The $-family of recognizers isn’t just about how to build better recognition algorithms, it’s also about understanding patterns and inconsistencies in how people make gestures, too. This kind of knowledge will help inform gesture interaction both in terms of developing better recognizers, and designing appropriate gesture sets. In this vein, I have had a paper accepted, along with my collaborators, Jacob O. Wobbrock and Radu-Daniel Vatavu, to the Graphics Interface 2013 conference, on characterizing patterns in people’s execution of surface gestures from existing datasets. The paper is titled “Understanding the Consistency of Users’ Pen and Finger Stroke Gesture Articulation,” and here is the abstract:
Little work has been done on understanding the articulation patterns of users’ touch and surface gestures, despite the importance of such knowledge to inform the design of gesture recognizers and gesture sets for different applications. We report a methodology to analyze user consistency in gesture production, both between-users and within-user, by employing articulation features such as stroke type, stroke direction, and stroke ordering, and by measuring variations in execution with geometric and kinematic gesture descriptors. We report results on four gesture datasets (40,305 samples of 63 gesture types by 113 users). We find a high degree of consistency within-users (.91), lower consistency between-users (.55), higher consistency for certain gestures (e.g., less geometrically complex shapes are more consistent than complex ones), and a loglinear relationship between number of strokes and consistency. We highlight implications of our results to help designers create better surface gesture interfaces informed by user behavior.
As usual, you may download the camera-ready version of our paper if you are interested. See you in Regina!
February was a great month over here with lots of good news coming in about conference and journal paper acceptances! The MTAGIC project will be well-represented at the upcoming CHI 2013 conference, with two workshop papers accepted on different aspects of the project (the workshops are RepliCHI and Mobile Accessibility). We’ve also heard great news that two papers about our work with kids and mobile touchscreen devices will appear at IDC 2013 and in an upcoming special issue of the Journal of Personal and Ubiquitous Computing!
In other news, my project with Jacob O. Wobbrock and Radu-Daniel Vatavu on using patterns in how people make surface gestures to inform the design of better gesture sets and gesture recognizers (e.g., the $-family of recognizers) will appear at GI 2013. And, last but not least, my side project with Leah Findlater on understanding how people with physical impairments, including children, are using mainstream mobile touchscreen devices in their daily lives will receive a ‘Best Paper Award’ at CHI 2013! This award is an honor only the top 1% of submissions receive, and we are very honored our work was selected to be among such great company.

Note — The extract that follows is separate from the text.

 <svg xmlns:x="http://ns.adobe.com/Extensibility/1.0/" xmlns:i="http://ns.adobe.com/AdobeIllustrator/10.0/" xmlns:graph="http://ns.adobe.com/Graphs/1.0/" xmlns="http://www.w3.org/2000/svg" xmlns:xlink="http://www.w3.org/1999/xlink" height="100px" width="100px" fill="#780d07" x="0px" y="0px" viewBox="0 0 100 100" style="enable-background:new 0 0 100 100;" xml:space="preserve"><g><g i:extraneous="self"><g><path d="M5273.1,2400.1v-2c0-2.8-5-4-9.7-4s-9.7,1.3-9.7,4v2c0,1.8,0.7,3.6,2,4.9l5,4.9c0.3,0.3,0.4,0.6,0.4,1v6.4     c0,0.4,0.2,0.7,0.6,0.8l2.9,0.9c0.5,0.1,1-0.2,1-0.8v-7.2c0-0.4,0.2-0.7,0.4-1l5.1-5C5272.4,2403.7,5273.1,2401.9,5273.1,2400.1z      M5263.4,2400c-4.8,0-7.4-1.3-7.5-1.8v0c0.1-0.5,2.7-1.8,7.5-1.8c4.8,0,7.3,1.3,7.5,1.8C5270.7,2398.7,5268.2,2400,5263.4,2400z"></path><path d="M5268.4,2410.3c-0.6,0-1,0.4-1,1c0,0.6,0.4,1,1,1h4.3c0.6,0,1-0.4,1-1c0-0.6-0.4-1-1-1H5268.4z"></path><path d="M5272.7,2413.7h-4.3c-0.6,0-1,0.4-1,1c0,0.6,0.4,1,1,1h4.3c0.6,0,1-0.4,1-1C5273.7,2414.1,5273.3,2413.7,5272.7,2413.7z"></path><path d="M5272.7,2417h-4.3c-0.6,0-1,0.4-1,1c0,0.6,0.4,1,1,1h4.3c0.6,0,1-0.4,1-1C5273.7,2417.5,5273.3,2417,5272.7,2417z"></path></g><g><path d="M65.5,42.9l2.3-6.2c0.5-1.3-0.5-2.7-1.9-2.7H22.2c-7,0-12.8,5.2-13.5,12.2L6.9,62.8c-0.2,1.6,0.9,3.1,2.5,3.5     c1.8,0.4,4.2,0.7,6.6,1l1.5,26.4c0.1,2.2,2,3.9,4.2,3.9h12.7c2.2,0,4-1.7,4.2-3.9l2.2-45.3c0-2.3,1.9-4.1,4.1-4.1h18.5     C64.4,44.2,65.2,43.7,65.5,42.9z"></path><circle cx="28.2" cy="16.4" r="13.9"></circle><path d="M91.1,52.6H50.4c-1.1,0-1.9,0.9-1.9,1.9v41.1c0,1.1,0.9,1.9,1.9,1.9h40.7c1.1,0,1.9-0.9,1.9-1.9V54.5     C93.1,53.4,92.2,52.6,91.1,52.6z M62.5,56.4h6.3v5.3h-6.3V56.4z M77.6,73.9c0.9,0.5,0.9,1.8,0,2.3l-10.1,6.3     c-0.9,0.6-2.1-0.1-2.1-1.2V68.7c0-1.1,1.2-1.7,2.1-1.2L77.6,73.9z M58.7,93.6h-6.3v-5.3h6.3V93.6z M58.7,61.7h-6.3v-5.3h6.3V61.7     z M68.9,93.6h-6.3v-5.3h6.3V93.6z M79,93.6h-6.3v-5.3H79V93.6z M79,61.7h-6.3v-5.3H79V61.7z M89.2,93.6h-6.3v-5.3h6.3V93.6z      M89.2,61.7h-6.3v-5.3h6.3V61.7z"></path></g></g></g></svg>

Look for more details on each of these upcoming papers in blog posts throughout March and April, and you can already see them listed in my current CV if you are interested.
A reminder: if you implement $P in a new language or in a new way, feel free to let us know and we will link to it from our page as well! Don’t forget to cite us!
I am pleased to announce that the Mixed Multistroke Gestures (MMG) dataset from our GI 2012 paper is now publicly available for download! It contains samples from 20 people who entered each of 16 gesture types 10 times, using either their finger or a stylus on a Tablet PC, at three different speeds (slow, medium, fast), for a total of 9600 samples. The samples are stored in the $N Recognizer‘s data format, and each person’s samples are separated into user-speed sub-folders. See more details on the gestures, the users who entered them, and $N’s accuracy in recognizing them in our GI 2012 paper. You may download the dataset here. If you use it in your work, please cite us!